I'm also using it as an explanation that the situation I want, the thing I'm trying to accomplish is inconsistent with the behavior of the characters.
If a character has been raped at 14 (I'm assuming that is what you mean), it is highly unlikely that a 30-something year old man try to 'heal' her by having sex with her, for any other reason than selfish motives. It certainly would not help this character. I think you need to do a lot more research into the issues you are trying to write about. If you don't, you just have an incredibly unrealistic and quite shallow story. If a character has experienced this type of abuse, perhaps a friend or neighbour can be instrumental in the healing process, but it would not be by the means you have mentioned. If you need your neighbour to be 30-something, then why not just make the character who has been abused a lot older.
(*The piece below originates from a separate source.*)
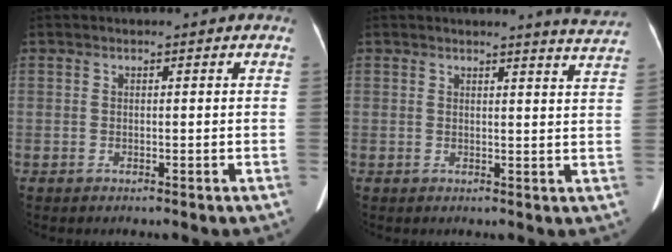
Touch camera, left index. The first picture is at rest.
{"total": 5.4, "force": [5.2, -1.1, 0.8], "torque": [-0.016, -0.040, 0.041]}

It is quite plausible that a character would bottle up something like this for a long time. If they are of a similar age it makes it a lot easier to describe a sexual relationship without it seeming like the neighbour is also an abuser. If you want your neighbour to be a morally decent character (of course it is quite possible for the story to work if he isn't) then why not just make them friends? They can still meet in the way you describe, but perhaps experience a relationship based more on mutual healing (this means he would need something in his past he too has to come to terms with) instead of the man 'healing' the young woman. What are you actually trying to accomplish with the story?